AIM OF THE EXERCISE: Only lines containing "outdoors" belong in the answer, each copied from the entries below.
--
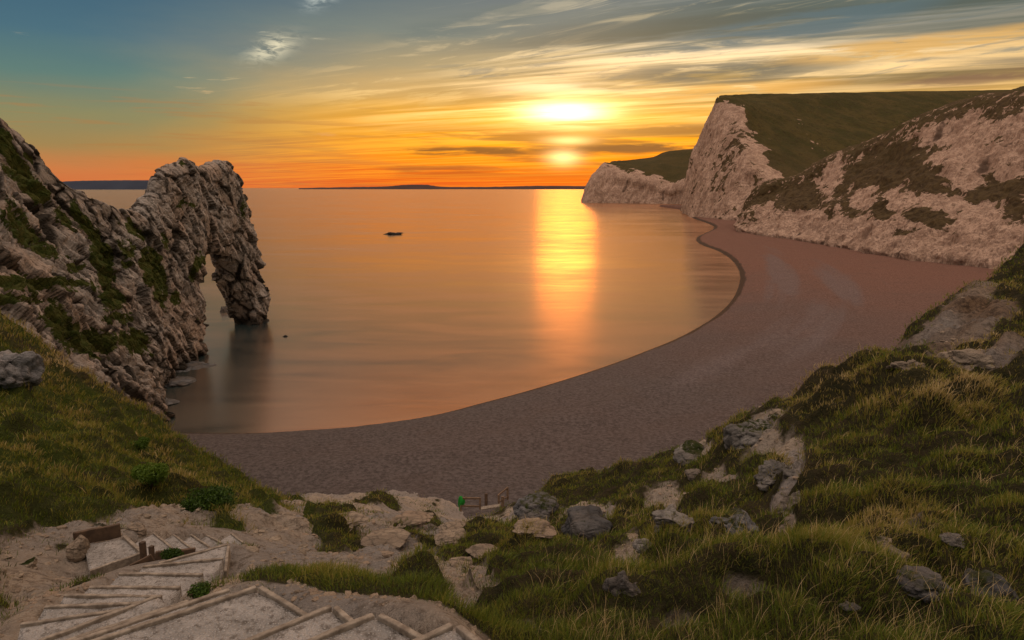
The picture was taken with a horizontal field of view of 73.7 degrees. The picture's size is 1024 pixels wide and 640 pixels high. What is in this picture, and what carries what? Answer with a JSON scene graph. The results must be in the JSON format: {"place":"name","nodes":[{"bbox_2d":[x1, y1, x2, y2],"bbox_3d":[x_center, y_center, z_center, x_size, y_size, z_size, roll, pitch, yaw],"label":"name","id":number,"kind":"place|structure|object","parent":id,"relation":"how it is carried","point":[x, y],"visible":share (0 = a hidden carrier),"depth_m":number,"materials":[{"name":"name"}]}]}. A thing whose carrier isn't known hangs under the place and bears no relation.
{"place":"outdoors","nodes":[
{"label":"outdoors","id":0,"kind":"place"},
{"bbox_2d":[0,118,181,421],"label":"limestone headland","id":1,"kind":"structure","parent":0,"point":[60,290],"depth_m":82.63,"materials":[{"name":"grey stone"}]},
{"bbox_2d":[63,180,242,189],"bbox_3d":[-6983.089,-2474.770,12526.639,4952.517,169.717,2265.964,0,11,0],"label":"distant headland","id":2,"kind":"structure","parent":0,"point":[113,185],"depth_m":11737.03,"materials":[{"name":"grey stone"}]},
{"bbox_2d":[80,188,739,433],"bbox_3d":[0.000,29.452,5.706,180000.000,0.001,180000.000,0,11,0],"label":"sea","id":3,"kind":"structure","parent":0,"point":[447,300],"depth_m":184.99,"materials":[{"name":"liquid"}]},
{"bbox_2d":[165,398,179,405],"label":"rock ledge","id":4,"kind":"object","parent":3,"relation":"in","point":[169,401],"visible":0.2,"depth_m":96.62,"materials":[{"name":"grey stone"}]},
{"bbox_2d":[165,376,196,387],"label":"rock ledge","id":5,"kind":"object","parent":3,"relation":"in","point":[180,381],"visible":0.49,"depth_m":106.22,"materials":[{"name":"grey stone"}]},
{"bbox_2d":[97,157,270,387],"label":"rock arch","id":6,"kind":"object","parent":3,"relation":"in","point":[187,216],"visible":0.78,"depth_m":120.49,"materials":[{"name":"stone"}]},
{"bbox_2d":[175,361,215,371],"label":"rock ledge","id":7,"kind":"object","parent":3,"relation":"in","point":[193,365],"visible":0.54,"depth_m":116.32,"materials":[{"name":"grey stone"}]},
{"bbox_2d":[220,306,226,311],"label":"rock ledge","id":8,"kind":"object","parent":3,"relation":"in","point":[223,309],"visible":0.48,"depth_m":167.93,"materials":[{"name":"grey stone"}]},
{"bbox_2d":[384,232,400,234],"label":"sea rock","id":9,"kind":"object","parent":3,"relation":"in","point":[390,233],"visible":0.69,"depth_m":441.89,"materials":[{"name":"black stone"}]},
{"bbox_2d":[581,149,692,203],"bbox_3d":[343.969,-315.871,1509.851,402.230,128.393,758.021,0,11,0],"label":"headland","id":10,"kind":"structure","parent":3,"relation":"in","point":[659,178],"depth_m":1367.27,"materials":[{"name":"beige stone"}]},
{"bbox_2d":[299,185,584,188],"bbox_3d":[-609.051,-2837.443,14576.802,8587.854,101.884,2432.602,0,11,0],"label":"distant hills","id":11,"kind":"structure","parent":0,"point":[439,187],"depth_m":13697.72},
{"bbox_2d":[0,244,1023,639],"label":"hillside","id":12,"kind":"structure","parent":0,"point":[974,312],"depth_m":11.10,"materials":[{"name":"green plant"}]},
{"bbox_2d":[0,350,44,391],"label":"rock outcrop","id":13,"kind":"object","parent":12,"relation":"on","point":[18,370],"visible":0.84,"depth_m":30.28,"materials":[{"name":"grey stone"}]},
{"bbox_2d":[19,557,37,567],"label":"boulder","id":14,"kind":"object","parent":12,"relation":"on","point":[31,562],"visible":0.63,"depth_m":9.13,"materials":[{"name":"beige stone"}]},
{"bbox_2d":[18,608,120,639],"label":"timber step","id":15,"kind":"object","parent":12,"relation":"on","point":[35,629],"visible":0.34,"depth_m":5.72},
{"bbox_2d":[65,535,90,562],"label":"boulder","id":16,"kind":"object","parent":12,"relation":"on","point":[78,547],"visible":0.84,"depth_m":10.01,"materials":[{"name":"beige stone"}]},
{"bbox_2d":[38,601,138,619],"bbox_3d":[-3.782,2.812,6.146,0.888,0.357,0.560,-3,11,-15],"label":"timber step","id":17,"kind":"object","parent":12,"relation":"on","point":[55,611],"visible":0.3,"depth_m":6.24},
{"bbox_2d":[73,523,120,542],"bbox_3d":[-6.331,3.276,10.424,0.617,0.230,0.065,-5,12,-26],"label":"retaining plank","id":18,"kind":"object","parent":12,"relation":"on","point":[102,533],"visible":0.82,"depth_m":10.42,"materials":[{"name":"brown wood"}]},
{"bbox_2d":[38,595,168,639],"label":"timber step","id":19,"kind":"object","parent":12,"relation":"on","point":[152,603],"visible":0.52,"depth_m":5.54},
{"bbox_2d":[60,593,162,603],"bbox_3d":[-3.921,2.909,6.541,0.974,0.357,0.468,0,11,0],"label":"timber step","id":20,"kind":"object","parent":12,"relation":"on","point":[79,598],"visible":0.16,"depth_m":6.68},
{"bbox_2d":[86,535,139,575],"bbox_3d":[-5.889,3.564,10.137,0.697,0.386,0.977,-8,13,-35],"label":"step landing","id":21,"kind":"object","parent":12,"relation":"on","point":[107,556],"visible":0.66,"depth_m":10.00,"materials":[{"name":"beige gravel"}]},
{"bbox_2d":[65,600,187,639],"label":"timber step","id":22,"kind":"object","parent":12,"relation":"on","point":[111,625],"visible":0.2,"depth_m":5.20,"materials":[{"name":"brown wood"}]},
{"bbox_2d":[85,585,181,605],"bbox_3d":[-3.937,3.005,6.989,1.006,0.357,0.470,0,11,0],"label":"timber step","id":23,"kind":"object","parent":12,"relation":"on","point":[171,595],"visible":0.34,"depth_m":7.12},
{"bbox_2d":[125,522,146,536],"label":"boulder","id":24,"kind":"object","parent":12,"relation":"on","point":[139,529],"visible":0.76,"depth_m":11.13,"materials":[{"name":"beige stone"}]},
{"bbox_2d":[130,436,149,449],"bbox_3d":[-16.821,5.609,30.833,0.918,0.610,0.862,0,11,0],"label":"leafy bush","id":25,"kind":"object","parent":12,"relation":"on","point":[142,442],"visible":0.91,"depth_m":30.72,"materials":[{"name":"green plant"}]},
{"bbox_2d":[129,554,154,565],"bbox_3d":[-5.067,3.374,9.392,0.337,0.288,0.043,-4,12,-21],"label":"side plank","id":26,"kind":"object","parent":12,"relation":"on","point":[149,558],"visible":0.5,"depth_m":9.37,"materials":[{"name":"brown wood"}]},
{"bbox_2d":[139,541,146,558],"bbox_3d":[-5.349,3.417,9.912,0.075,0.420,0.080,3,11,16],"label":"wooden post","id":27,"kind":"object","parent":12,"relation":"on","point":[142,549],"visible":0.58,"depth_m":9.87,"materials":[{"name":"brown wood"}]},
{"bbox_2d":[130,462,169,487],"bbox_3d":[-9.423,4.070,17.844,1.026,0.707,0.803,6,12,28],"label":"leafy bush","id":28,"kind":"object","parent":12,"relation":"on","point":[152,475],"visible":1,"depth_m":17.67,"materials":[{"name":"green plant"}]},
{"bbox_2d":[148,545,154,557],"bbox_3d":[-5.180,3.393,9.825,0.064,0.300,0.069,3,11,16],"label":"wooden post","id":29,"kind":"object","parent":12,"relation":"on","point":[151,549],"visible":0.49,"depth_m":9.79,"materials":[{"name":"brown wood"}]},
{"bbox_2d":[74,588,231,639],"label":"timber step","id":30,"kind":"object","parent":12,"relation":"on","point":[167,611],"visible":0.28,"depth_m":5.02,"materials":[{"name":"brown wood"}]},
{"bbox_2d":[135,532,172,555],"bbox_3d":[-5.578,3.662,10.538,0.836,0.356,0.482,10,15,41],"label":"timber step","id":31,"kind":"object","parent":12,"relation":"on","point":[157,541],"visible":0.32,"depth_m":10.65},
{"bbox_2d":[111,572,203,595],"bbox_3d":[-3.977,3.104,7.529,1.000,0.358,0.612,0,11,0],"label":"timber step","id":32,"kind":"object","parent":12,"relation":"on","point":[184,581],"visible":0.3,"depth_m":7.69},
{"bbox_2d":[159,547,183,559],"bbox_3d":[-4.469,3.108,8.995,0.281,0.274,0.281,0,11,0],"label":"plant","id":33,"kind":"object","parent":12,"relation":"on","point":[167,553],"visible":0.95,"depth_m":8.95,"materials":[{"name":"green plant"}]},
{"bbox_2d":[154,547,195,560],"bbox_3d":[-4.747,3.331,9.616,0.540,0.285,0.055,-7,13,-32],"label":"back plank","id":34,"kind":"object","parent":12,"relation":"on","point":[185,551],"visible":0.34,"depth_m":9.65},
{"bbox_2d":[165,534,191,548],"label":"timber step","id":35,"kind":"object","parent":12,"relation":"on","point":[174,541],"visible":0.26,"depth_m":11.00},
{"bbox_2d":[139,557,224,582],"bbox_3d":[-4.001,3.183,8.172,0.975,0.358,0.705,0,11,0],"label":"timber step","id":36,"kind":"object","parent":12,"relation":"on","point":[208,568],"visible":0.26,"depth_m":8.30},
{"bbox_2d":[158,544,230,577],"bbox_3d":[-4.097,3.259,8.808,0.945,0.366,0.744,-2,11,-11],"label":"timber step","id":37,"kind":"object","parent":12,"relation":"on","point":[223,551],"visible":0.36,"depth_m":8.92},
{"bbox_2d":[184,534,209,551],"bbox_3d":[-5.248,3.905,11.285,0.888,0.356,0.381,9,14,40],"label":"timber step","id":38,"kind":"object","parent":12,"relation":"on","point":[192,540],"visible":0.27,"depth_m":11.41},
{"bbox_2d":[186,581,212,598],"bbox_3d":[-2.753,2.419,6.057,0.251,0.207,0.188,8,13,35],"label":"bush","id":39,"kind":"object","parent":12,"relation":"on","point":[198,589],"visible":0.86,"depth_m":6.03,"materials":[{"name":"green plant"}]},
{"bbox_2d":[92,586,307,639],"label":"timber step","id":40,"kind":"object","parent":12,"relation":"on","point":[245,613],"visible":0.78,"depth_m":4.71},
{"bbox_2d":[179,482,237,511],"bbox_3d":[-6.633,3.939,14.990,1.310,0.628,1.009,0,11,0],"label":"leafy bush","id":41,"kind":"object","parent":12,"relation":"on","point":[216,495],"visible":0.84,"depth_m":14.84,"materials":[{"name":"green plant"}]},
{"bbox_2d":[202,535,221,546],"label":"timber step","id":42,"kind":"object","parent":12,"relation":"on","point":[210,541],"visible":0.18,"depth_m":11.86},
{"bbox_2d":[221,533,243,544],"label":"timber step","id":43,"kind":"object","parent":12,"relation":"on","point":[231,537],"visible":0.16,"depth_m":12.38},
{"bbox_2d":[244,605,353,639],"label":"timber step","id":44,"kind":"object","parent":12,"relation":"on","point":[314,623],"visible":0.63,"depth_m":4.32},
{"bbox_2d":[339,511,368,530],"bbox_3d":[-3.923,4.746,16.072,0.782,0.186,0.961,11,15,44],"label":"rock slab","id":45,"kind":"object","parent":12,"relation":"on","point":[357,518],"visible":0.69,"depth_m":16.11,"materials":[{"name":"beige stone"}]},
{"bbox_2d":[307,613,421,639],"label":"timber step","id":46,"kind":"object","parent":12,"relation":"on","point":[369,626],"visible":0.96,"depth_m":3.95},
{"bbox_2d":[360,528,409,548],"bbox_3d":[-2.392,4.183,13.047,0.901,0.161,0.822,3,11,17],"label":"rock slab","id":47,"kind":"object","parent":12,"relation":"on","point":[396,538],"visible":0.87,"depth_m":12.95,"materials":[{"name":"beige stone"}]},
{"bbox_2d":[389,510,431,529],"bbox_3d":[-2.604,4.956,16.826,1.169,0.269,0.980,-10,15,-43],"label":"rock slab","id":48,"kind":"object","parent":12,"relation":"on","point":[418,519],"visible":0.76,"depth_m":16.72,"materials":[{"name":"beige stone"}]},
{"bbox_2d":[416,511,433,517],"bbox_3d":[-2.928,6.212,21.674,0.838,0.189,0.713,4,12,19],"label":"rock slab","id":49,"kind":"object","parent":12,"relation":"on","point":[431,514],"visible":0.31,"depth_m":21.80,"materials":[{"name":"beige stone"}]},
{"bbox_2d":[412,623,480,639],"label":"timber step","id":50,"kind":"object","parent":12,"relation":"on","point":[447,631],"visible":1,"depth_m":3.60,"materials":[{"name":"brown wood"}]},
{"bbox_2d":[434,528,466,545],"bbox_3d":[-1.209,4.228,13.328,0.627,0.178,0.677,0,11,0],"label":"rock slab","id":51,"kind":"object","parent":12,"relation":"on","point":[443,535],"visible":0.77,"depth_m":13.23,"materials":[{"name":"beige stone"}]},
{"bbox_2d":[438,521,466,530],"bbox_3d":[-1.233,4.779,15.470,0.774,0.182,0.796,-3,12,-17],"label":"rock slab","id":52,"kind":"object","parent":12,"relation":"on","point":[451,525],"visible":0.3,"depth_m":15.60,"materials":[{"name":"beige stone"}]},
{"bbox_2d":[448,556,472,567],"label":"boulder","id":53,"kind":"object","parent":12,"relation":"on","point":[454,561],"visible":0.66,"depth_m":9.52,"materials":[{"name":"beige stone"}]},
{"bbox_2d":[460,496,480,511],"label":"wooden fence","id":54,"kind":"object","parent":12,"relation":"on","point":[475,498],"visible":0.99,"depth_m":49.95,"materials":[{"name":"brown wood"}]},
{"bbox_2d":[458,496,464,510],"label":"green cloth","id":55,"kind":"object","parent":54,"relation":"hanging from","point":[461,500],"visible":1,"depth_m":49.95,"materials":[{"name":"green fabric"}]},
{"bbox_2d":[465,543,497,558],"bbox_3d":[-0.492,4.001,11.833,0.452,0.106,0.578,10,15,43],"label":"rock slab","id":56,"kind":"object","parent":12,"relation":"on","point":[473,551],"visible":0.62,"depth_m":11.79,"materials":[{"name":"beige stone"}]},
{"bbox_2d":[485,493,487,505],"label":"wooden post","id":57,"kind":"object","parent":12,"relation":"on","point":[486,499],"visible":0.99,"depth_m":49.91,"materials":[{"name":"brown wood"}]},
{"bbox_2d":[481,504,499,509],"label":"wooden platform","id":58,"kind":"structure","parent":12,"relation":"on","point":[490,507],"depth_m":49.39,"materials":[{"name":"beige wood"}]},
{"bbox_2d":[497,487,508,508],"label":"wooden handrail","id":59,"kind":"object","parent":12,"relation":"on","point":[502,497],"visible":0.98,"depth_m":50.01,"materials":[{"name":"brown wood"}]},
{"bbox_2d":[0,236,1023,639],"bbox_3d":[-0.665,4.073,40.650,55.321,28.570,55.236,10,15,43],"label":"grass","id":60,"kind":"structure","parent":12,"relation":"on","point":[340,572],"depth_m":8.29,"materials":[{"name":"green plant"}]},
{"bbox_2d":[512,517,556,539],"bbox_3d":[0.354,3.341,10.893,0.704,0.161,0.606,0,11,0],"label":"rock slab","id":61,"kind":"object","parent":12,"relation":"on","point":[550,532],"visible":0.81,"depth_m":10.80,"materials":[{"name":"beige stone"}]},
{"bbox_2d":[513,491,558,520],"bbox_3d":[0.650,5.034,18.090,1.270,0.700,1.406,0,11,0],"label":"rock outcrop","id":62,"kind":"object","parent":12,"relation":"on","point":[538,504],"visible":0.72,"depth_m":17.89,"materials":[{"name":"grey stone"}]},
{"bbox_2d":[561,505,612,541],"bbox_3d":[1.483,4.090,12.918,1.052,0.922,1.120,0,11,0],"label":"rock outcrop","id":63,"kind":"object","parent":12,"relation":"on","point":[588,522],"visible":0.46,"depth_m":12.64,"materials":[{"name":"grey stone"}]},
{"bbox_2d":[602,570,640,596],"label":"rock outcrop","id":64,"kind":"object","parent":12,"relation":"on","point":[619,582],"visible":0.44,"depth_m":5.10,"materials":[{"name":"grey stone"}]},
{"bbox_2d":[632,538,650,552],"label":"boulder","id":65,"kind":"object","parent":12,"relation":"on","point":[637,542],"visible":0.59,"depth_m":8.05,"materials":[{"name":"grey stone"}]},
{"bbox_2d":[652,503,694,534],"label":"rock outcrop","id":66,"kind":"object","parent":12,"relation":"on","point":[659,515],"visible":0.71,"depth_m":8.32,"materials":[{"name":"grey stone"}]},
{"bbox_2d":[673,439,703,465],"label":"rock outcrop","id":67,"kind":"object","parent":12,"relation":"on","point":[689,450],"visible":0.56,"depth_m":22.11,"materials":[{"name":"grey stone"}]},
{"bbox_2d":[684,468,700,480],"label":"boulder","id":68,"kind":"object","parent":12,"relation":"on","point":[690,474],"visible":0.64,"depth_m":16.66,"materials":[{"name":"grey stone"}]},
{"bbox_2d":[709,508,758,535],"bbox_3d":[2.810,2.589,8.555,0.642,0.326,0.544,-7,13,-32],"label":"rock outcrop","id":69,"kind":"object","parent":12,"relation":"on","point":[736,524],"visible":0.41,"depth_m":8.53,"materials":[{"name":"grey stone"}]},
{"bbox_2d":[722,418,772,450],"bbox_3d":[6.103,2.943,17.146,1.481,0.794,1.160,0,11,0],"label":"rock outcrop","id":70,"kind":"object","parent":12,"relation":"on","point":[738,435],"visible":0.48,"depth_m":17.03,"materials":[{"name":"grey stone"}]},
{"bbox_2d":[753,459,794,491],"bbox_3d":[4.384,2.587,11.340,0.732,0.547,0.622,0,11,0],"label":"rock outcrop","id":71,"kind":"object","parent":12,"relation":"on","point":[765,468],"visible":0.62,"depth_m":11.22,"materials":[{"name":"grey stone"}]},
{"bbox_2d":[778,524,791,532],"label":"rock outcrop","id":72,"kind":"object","parent":12,"relation":"on","point":[782,525],"visible":0.19,"depth_m":8.39,"materials":[{"name":"grey stone"}]},
{"bbox_2d":[772,491,801,513],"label":"rock outcrop","id":73,"kind":"object","parent":12,"relation":"on","point":[783,501],"visible":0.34,"depth_m":9.90,"materials":[{"name":"grey stone"}]},
{"bbox_2d":[839,601,860,611],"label":"boulder","id":74,"kind":"object","parent":12,"relation":"on","point":[846,604],"visible":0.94,"depth_m":4.29,"materials":[{"name":"grey stone"}]},
{"bbox_2d":[876,536,910,560],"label":"rock outcrop","id":75,"kind":"object","parent":12,"relation":"on","point":[879,539],"visible":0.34,"depth_m":5.86,"materials":[{"name":"beige stone"}]},
{"bbox_2d":[885,359,925,370],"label":"rock outcrop","id":76,"kind":"object","parent":12,"relation":"on","point":[899,364],"visible":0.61,"depth_m":14.48,"materials":[{"name":"beige stone"}]},
{"bbox_2d":[896,565,952,603],"bbox_3d":[2.675,1.752,4.447,0.333,0.178,0.366,-4,12,-22],"label":"rock outcrop","id":77,"kind":"object","parent":12,"relation":"on","point":[919,588],"visible":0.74,"depth_m":4.40,"materials":[{"name":"grey stone"}]},
{"bbox_2d":[939,532,964,548],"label":"boulder","id":78,"kind":"object","parent":12,"relation":"on","point":[953,540],"visible":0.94,"depth_m":5.86,"materials":[{"name":"grey stone"}]},
{"bbox_2d":[937,348,995,371],"bbox_3d":[10.300,0.954,15.268,1.392,0.564,1.469,7,13,32],"label":"rock outcrop","id":79,"kind":"object","parent":12,"relation":"on","point":[967,358],"visible":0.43,"depth_m":14.98,"materials":[{"name":"beige stone"}]},
{"bbox_2d":[961,568,1019,603],"bbox_3d":[3.614,2.094,5.155,0.403,0.418,0.405,0,11,0],"label":"boulder","id":80,"kind":"object","parent":12,"relation":"on","point":[988,578],"visible":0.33,"depth_m":5.08,"materials":[{"name":"grey stone"}]},
{"bbox_2d":[0,0,1023,187],"label":"sky","id":81,"kind":"structure","parent":0,"point":[288,93],"materials":[{"name":"orange"}]},
{"bbox_2d":[177,205,996,518],"bbox_3d":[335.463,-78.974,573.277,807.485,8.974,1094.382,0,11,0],"label":"beach","id":82,"kind":"structure","parent":0,"point":[785,317],"depth_m":93.01,"materials":[{"name":"brown sand"}]},
{"bbox_2d":[680,90,1007,220],"bbox_3d":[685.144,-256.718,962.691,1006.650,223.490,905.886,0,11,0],"label":"tall headland","id":83,"kind":"structure","parent":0,"point":[745,146],"depth_m":760.03,"materials":[{"name":"beige stone"}]},
{"bbox_2d":[733,86,1023,268],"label":"chalk cliff","id":84,"kind":"structure","parent":0,"point":[943,184],"depth_m":305.35,"materials":[{"name":"beige stone"}]}
]}
--
SOLVED EXERCISE:
{"place":"outdoors","nodes":[
{"label":"outdoors","id":0,"kind":"place"},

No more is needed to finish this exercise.